Due to limited information available on the frequency and spectrum of CFTR and other related gene mutations in CAVD in the Indian population, it is difficult to provide accurate genetic counselling to couples, at present. From this point of view, the study of Gaikwad et al26 published in this issue has a noticeable significance. The study was undertaken to investigate the spectrum and frequency of CFTR gene mutations in Indian men with CBAVD and to determine the female CF carrier status. Significant association was observed for CFTR gene variants in CBAVD men versus controls. Direct DNA sequencing of the CFTR gene in 80 CBAVD men, their female partners and 50 controls from general population, led to the identification of 20 CFTR gene variants (comprising of ten novel and ten known variants) in 53 CBAVD men with 66.3 per cent frequency. Pathological significance of the identified novel CFTR gene variants was carried out using in silico tools. Of the 10 novel sequence variants, eight were located in highly conserved regions, which could functionally alter CFTR protein organization.
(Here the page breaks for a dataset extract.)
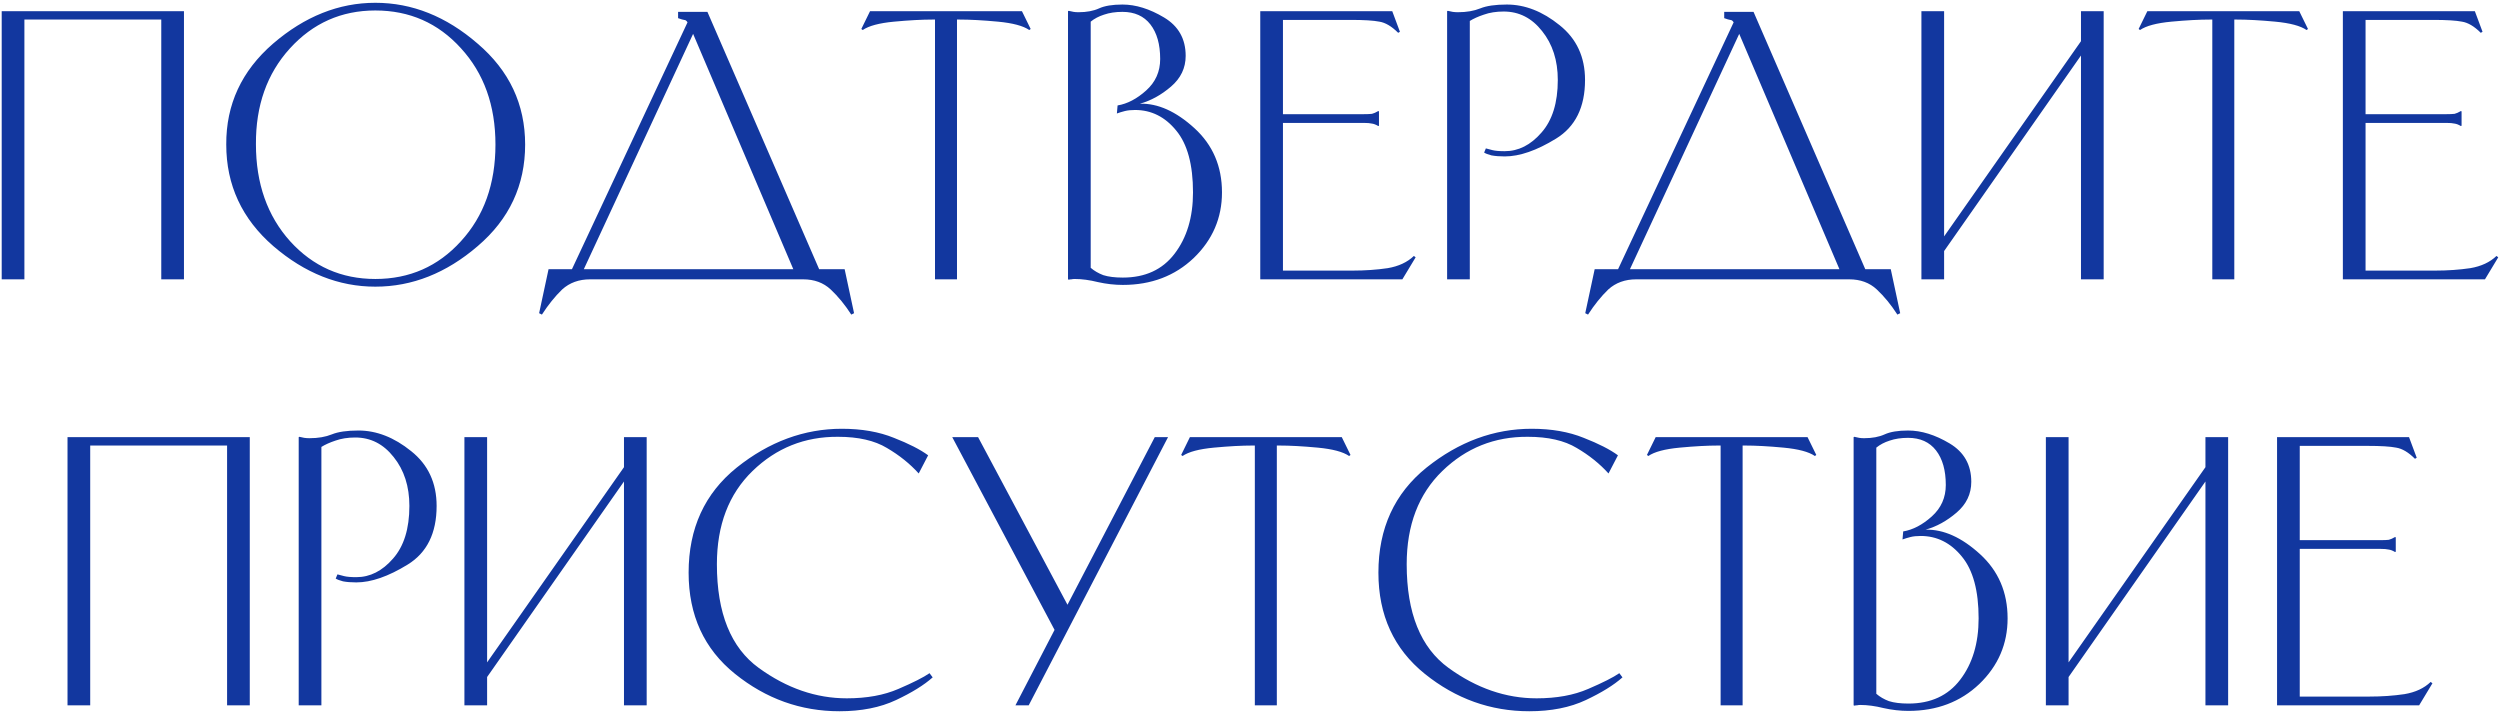 <?xml version="1.0" encoding="UTF-8"?> <svg xmlns="http://www.w3.org/2000/svg" width="716" height="204" viewBox="0 0 716 204" fill="none"><path d="M0.488 80V3.2H52.688V80H46.188V5.6H6.988V80H0.488ZM64.799 41.4C64.733 29.933 69.199 20.3 78.199 12.5C87.266 4.7 97.033 0.8 107.499 0.8C118.033 0.8 127.799 4.7 136.799 12.5C145.866 20.233 150.399 29.867 150.399 41.4C150.399 53.067 145.866 62.767 136.799 70.5C127.799 78.233 118.033 82.1 107.499 82.1C97.033 82.1 87.299 78.233 78.299 70.5C69.299 62.7 64.799 53 64.799 41.4ZM73.299 41.3C73.299 52.567 76.566 61.833 83.099 69.1C89.633 76.3 97.766 79.9 107.499 79.9C117.299 79.9 125.466 76.3 131.999 69.1C138.599 61.9 141.899 52.667 141.899 41.4C141.899 30.2 138.599 21 131.999 13.8C125.466 6.6 117.299 3 107.499 3C97.766 3 89.599 6.633 82.999 13.9C76.466 21.1 73.233 30.233 73.299 41.3ZM169.005 80C165.805 80 163.138 80.967 161.005 82.9C158.938 84.9 157.005 87.3 155.205 90.1L154.405 89.7L157.105 77.1H163.805L196.905 6.4C196.638 5.933 196.305 5.7 195.905 5.7C195.505 5.633 195.038 5.5 194.505 5.3L194.205 5.2V3.4H202.605L234.605 77.1H241.905L244.605 89.7L243.805 90.1C242.005 87.3 240.038 84.9 237.905 82.9C235.838 80.967 233.205 80 230.005 80H169.005ZM167.205 77.1H227.205L198.505 9.7L167.205 77.1ZM274.684 5.6H274.084V80H267.784V5.6H267.184C264.05 5.6 260.35 5.8 256.084 6.2C251.817 6.6 248.817 7.4 247.084 8.6L246.684 8.3L249.184 3.2H292.684L295.184 8.3L294.784 8.6C293.05 7.4 290.05 6.6 285.784 6.2C281.517 5.8 277.817 5.6 274.684 5.6ZM321.576 81.6C319.242 81.6 316.876 81.333 314.476 80.8C312.076 80.2 309.842 79.9 307.776 79.9C307.442 79.9 307.142 79.933 306.876 80C306.609 80 306.342 80.033 306.076 80.1L305.876 80V3.2L306.076 3.1C306.609 3.233 307.076 3.333 307.476 3.4C307.876 3.467 308.342 3.5 308.876 3.5C311.209 3.5 313.176 3.133 314.776 2.4C316.376 1.667 318.609 1.3 321.476 1.3C325.276 1.3 329.242 2.533 333.376 5C337.509 7.467 339.576 11.133 339.576 16C339.576 19.467 338.176 22.4 335.376 24.8C332.576 27.2 329.609 28.833 326.476 29.7C331.609 29.567 336.809 31.9 342.076 36.7C347.342 41.5 349.976 47.633 349.976 55.1C349.976 62.433 347.276 68.7 341.876 73.9C336.476 79.033 329.709 81.6 321.576 81.6ZM321.476 3.4C319.476 3.4 317.709 3.667 316.176 4.2C314.709 4.667 313.442 5.333 312.376 6.2V76.7C313.376 77.567 314.576 78.267 315.976 78.8C317.442 79.267 319.309 79.5 321.576 79.5C327.976 79.5 332.909 77.233 336.376 72.7C339.909 68.1 341.676 62.233 341.676 55.1C341.676 47.167 340.076 41.267 336.876 37.4C333.676 33.467 329.742 31.5 325.076 31.5C323.942 31.5 322.976 31.6 322.176 31.8C321.376 32 320.609 32.233 319.876 32.5L320.076 30.2C322.876 29.733 325.609 28.3 328.276 25.9C330.942 23.5 332.276 20.5 332.276 16.9C332.276 12.7 331.342 9.4 329.476 7C327.609 4.6 324.942 3.4 321.476 3.4ZM401.638 80H360.938V3.2H398.738L400.938 9.1L400.438 9.4C398.571 7.533 396.771 6.467 395.038 6.2C393.371 5.867 390.638 5.7 386.838 5.7H367.438V32.7H390.538C391.604 32.7 392.404 32.667 392.938 32.6C393.471 32.467 394.071 32.2 394.738 31.8L394.938 31.9V36L394.738 36.1C394.071 35.7 393.471 35.467 392.938 35.4C392.404 35.267 391.604 35.2 390.538 35.2H367.438V77.5H387.338C390.938 77.5 394.304 77.267 397.438 76.8C400.571 76.267 403.071 75.1 404.938 73.3L405.438 73.7L401.638 80ZM420.953 80H414.453V3.2L414.653 3.1C415.186 3.233 415.653 3.333 416.053 3.4C416.52 3.467 417.02 3.5 417.553 3.5C420.02 3.5 422.153 3.133 423.953 2.4C425.753 1.667 428.286 1.3 431.553 1.3C436.753 1.3 441.786 3.267 446.653 7.2C451.52 11.067 453.953 16.3 453.953 22.9C453.953 30.7 451.186 36.3 445.653 39.7C440.12 43.1 435.22 44.8 430.953 44.8C429.486 44.8 428.22 44.7 427.153 44.5C426.153 44.233 425.453 43.967 425.053 43.7L425.553 42.5C426.02 42.633 426.653 42.8 427.453 43C428.253 43.2 429.42 43.3 430.953 43.3C434.886 43.3 438.386 41.533 441.453 38C444.586 34.467 446.153 29.433 446.153 22.9C446.153 17.3 444.653 12.633 441.653 8.9C438.72 5.167 435.053 3.3 430.653 3.3C428.52 3.3 426.62 3.6 424.953 4.2C423.353 4.733 422.02 5.333 420.953 6V80ZM468.614 80C465.414 80 462.747 80.967 460.614 82.9C458.547 84.9 456.614 87.3 454.814 90.1L454.014 89.7L456.714 77.1H463.414L496.514 6.4C496.247 5.933 495.914 5.7 495.514 5.7C495.114 5.633 494.647 5.5 494.114 5.3L493.814 5.2V3.4H502.214L534.214 77.1H541.514L544.214 89.7L543.414 90.1C541.614 87.3 539.647 84.9 537.514 82.9C535.447 80.967 532.814 80 529.614 80H468.614ZM466.814 77.1H526.814L498.114 9.7L466.814 77.1ZM556.793 80H550.293V3.2H556.793V67.7L595.993 11.8V3.2H602.493V80H595.993V15.9L556.793 71.9V80ZM640.504 5.6H639.904V80H633.604V5.6H633.004C629.871 5.6 626.171 5.8 621.904 6.2C617.637 6.6 614.637 7.4 612.904 8.6L612.504 8.3L615.004 3.2H658.504L661.004 8.3L660.604 8.6C658.871 7.4 655.871 6.6 651.604 6.2C647.337 5.8 643.637 5.6 640.504 5.6ZM711.696 80H670.996V3.2H708.796L710.996 9.1L710.496 9.4C708.629 7.533 706.829 6.467 705.096 6.2C703.429 5.867 700.696 5.7 696.896 5.7H677.496V32.7H700.596C701.663 32.7 702.463 32.667 702.996 32.6C703.529 32.467 704.129 32.2 704.796 31.8L704.996 31.9V36L704.796 36.1C704.129 35.7 703.529 35.467 702.996 35.4C702.463 35.267 701.663 35.2 700.596 35.2H677.496V77.5H697.396C700.996 77.5 704.363 77.267 707.496 76.8C710.629 76.267 713.129 75.1 714.996 73.3L715.496 73.7L711.696 80ZM19.336 202V125.2H71.536V202H65.036V127.6H25.836V202H19.336ZM92.047 202H85.547V125.2L85.747 125.1C86.28 125.233 86.747 125.333 87.147 125.4C87.614 125.467 88.114 125.5 88.647 125.5C91.114 125.5 93.247 125.133 95.047 124.4C96.847 123.667 99.38 123.3 102.647 123.3C107.847 123.3 112.88 125.267 117.747 129.2C122.614 133.067 125.047 138.3 125.047 144.9C125.047 152.7 122.28 158.3 116.747 161.7C111.214 165.1 106.314 166.8 102.047 166.8C100.58 166.8 99.314 166.7 98.247 166.5C97.247 166.233 96.547 165.967 96.147 165.7L96.647 164.5C97.114 164.633 97.747 164.8 98.547 165C99.347 165.2 100.514 165.3 102.047 165.3C105.98 165.3 109.48 163.533 112.547 160C115.68 156.467 117.247 151.433 117.247 144.9C117.247 139.3 115.747 134.633 112.747 130.9C109.814 127.167 106.147 125.3 101.747 125.3C99.614 125.3 97.713 125.6 96.047 126.2C94.447 126.733 93.114 127.333 92.047 128V202ZM139.508 202H133.008V125.2H139.508V189.7L178.708 133.8V125.2H185.208V202H178.708V137.9L139.508 193.9V202ZM267.119 194C264.652 196.2 261.152 198.367 256.619 200.5C252.085 202.633 246.685 203.7 240.419 203.7C229.352 203.7 219.385 200.133 210.519 193C201.652 185.867 197.219 176.2 197.219 164C197.219 151.333 201.819 141.3 211.019 133.9C220.285 126.5 230.319 122.8 241.119 122.8C246.785 122.8 251.752 123.667 256.019 125.4C260.285 127.067 263.552 128.733 265.819 130.4L263.119 135.6C260.585 132.8 257.552 130.367 254.019 128.3C250.485 126.167 245.819 125.1 240.019 125.1C230.485 125.033 222.319 128.3 215.519 134.9C208.719 141.5 205.319 150.4 205.319 161.6C205.319 175.6 209.319 185.5 217.319 191.3C225.319 197.1 233.719 200 242.519 200C248.252 200 253.185 199.1 257.319 197.3C261.519 195.5 264.485 194 266.219 192.8L267.119 194ZM330.725 125.2H334.525L294.625 202H290.825L302.025 180.4L272.725 125.2H280.125L305.725 173.2L330.725 125.2ZM366.285 127.6H365.685V202H359.385V127.6H358.785C355.652 127.6 351.952 127.8 347.685 128.2C343.418 128.6 340.418 129.4 338.685 130.6L338.285 130.3L340.785 125.2H384.285L386.785 130.3L386.385 130.6C384.652 129.4 381.652 128.6 377.385 128.2C373.118 127.8 369.418 127.6 366.285 127.6ZM464.677 194C462.211 196.2 458.711 198.367 454.177 200.5C449.644 202.633 444.244 203.7 437.977 203.7C426.911 203.7 416.944 200.133 408.077 193C399.211 185.867 394.777 176.2 394.777 164C394.777 151.333 399.377 141.3 408.577 133.9C417.844 126.5 427.877 122.8 438.677 122.8C444.344 122.8 449.311 123.667 453.577 125.4C457.844 127.067 461.111 128.733 463.377 130.4L460.677 135.6C458.144 132.8 455.111 130.367 451.577 128.3C448.044 126.167 443.377 125.1 437.577 125.1C428.044 125.033 419.877 128.3 413.077 134.9C406.277 141.5 402.877 150.4 402.877 161.6C402.877 175.6 406.877 185.5 414.877 191.3C422.877 197.1 431.277 200 440.077 200C445.811 200 450.744 199.1 454.877 197.3C459.077 195.5 462.044 194 463.777 192.8L464.677 194ZM499.684 127.6H499.084V202H492.784V127.6H492.184C489.05 127.6 485.35 127.8 481.084 128.2C476.817 128.6 473.817 129.4 472.084 130.6L471.684 130.3L474.184 125.2H517.684L520.184 130.3L519.784 130.6C518.05 129.4 515.05 128.6 510.784 128.2C506.517 127.8 502.817 127.6 499.684 127.6ZM546.576 203.6C544.242 203.6 541.876 203.333 539.476 202.8C537.076 202.2 534.842 201.9 532.776 201.9C532.442 201.9 532.142 201.933 531.876 202C531.609 202 531.342 202.033 531.076 202.1L530.876 202V125.2L531.076 125.1C531.609 125.233 532.076 125.333 532.476 125.4C532.876 125.467 533.342 125.5 533.876 125.5C536.209 125.5 538.176 125.133 539.776 124.4C541.376 123.667 543.609 123.3 546.476 123.3C550.276 123.3 554.242 124.533 558.376 127C562.509 129.467 564.576 133.133 564.576 138C564.576 141.467 563.176 144.4 560.376 146.8C557.576 149.2 554.609 150.833 551.476 151.7C556.609 151.567 561.809 153.9 567.076 158.7C572.342 163.5 574.976 169.633 574.976 177.1C574.976 184.433 572.276 190.7 566.876 195.9C561.476 201.033 554.709 203.6 546.576 203.6ZM546.476 125.4C544.476 125.4 542.709 125.667 541.176 126.2C539.709 126.667 538.442 127.333 537.376 128.2V198.7C538.376 199.567 539.576 200.267 540.976 200.8C542.442 201.267 544.309 201.5 546.576 201.5C552.976 201.5 557.909 199.233 561.376 194.7C564.909 190.1 566.676 184.233 566.676 177.1C566.676 169.167 565.076 163.267 561.876 159.4C558.676 155.467 554.742 153.5 550.076 153.5C548.942 153.5 547.976 153.6 547.176 153.8C546.376 154 545.609 154.233 544.876 154.5L545.076 152.2C547.876 151.733 550.609 150.3 553.276 147.9C555.942 145.5 557.276 142.5 557.276 138.9C557.276 134.7 556.342 131.4 554.476 129C552.609 126.6 549.942 125.4 546.476 125.4ZM592.438 202H585.938V125.2H592.438V189.7L631.638 133.8V125.2H638.138V202H631.638V137.9L592.438 193.9V202ZM692.848 202H652.148V125.2H689.948L692.148 131.1L691.648 131.4C689.782 129.533 687.982 128.467 686.248 128.2C684.582 127.867 681.848 127.7 678.048 127.7H658.648V154.7H681.748C682.815 154.7 683.615 154.667 684.148 154.6C684.682 154.467 685.282 154.2 685.948 153.8L686.148 153.9V158L685.948 158.1C685.282 157.7 684.682 157.467 684.148 157.4C683.615 157.267 682.815 157.2 681.748 157.2H658.648V199.5H678.548C682.148 199.5 685.515 199.267 688.648 198.8C691.782 198.267 694.282 197.1 696.148 195.3L696.648 195.7L692.848 202Z" fill="#12379F"></path></svg>

Two novel splice-site variants are predicted to induce splicing error and thus damage the translated CFTR protein, but further in vitro functional assays or case–parent trio studies will be required to provide significant insights regarding the pathogenicity of the novel (newly identified) variants.

An important aspect of this study is the genetic analysis of female partners, as only a few studies have attempted to screen for CF female carrier status in the Indian population. A total of 13 (16.2%) female partners were found to be CF carriers. The T5 allele was the most frequent variation found in both males and females. Appropriate genetic counselling was also provided to the couples before ICSI. Nine couples had a risk of transmitting mutant CFTR allele to the offspring, while six of them underwent ICSI, with two successful pregnancies resulting in live birth. It would have been interesting to know what the status of their offspring was, had the authors analyzed the CFTR gene status in those children as well. One more area of concern is that 33.7 per cent CBAVD men had no mutations in the CFTR gene and role of genes such as ADGRG2, SLC9A3, PANK2, SCNN1B and CA12 was not evaluated. These genes are also to be evaluated for variants as well as copy number variation (in particular for SLC9A3 and PANK2 genes)27 for associations and prevalence in Indian men with CAVD. Therefore, it is the need of the hour to discover new male infertility genetics in obstructive azoospermic men with CAVD by making use of next-generation sequencing techniques, in particular, the whole-exome sequencing along with copy number variation analysis as the first step. Finally, it is worth exploring CFTR/related genes involvement in conditions such as semen with high viscosity and high liquefaction time or conditions with thick/viscid/scant mucus (cervical, nasotracheal, salivary, etc.).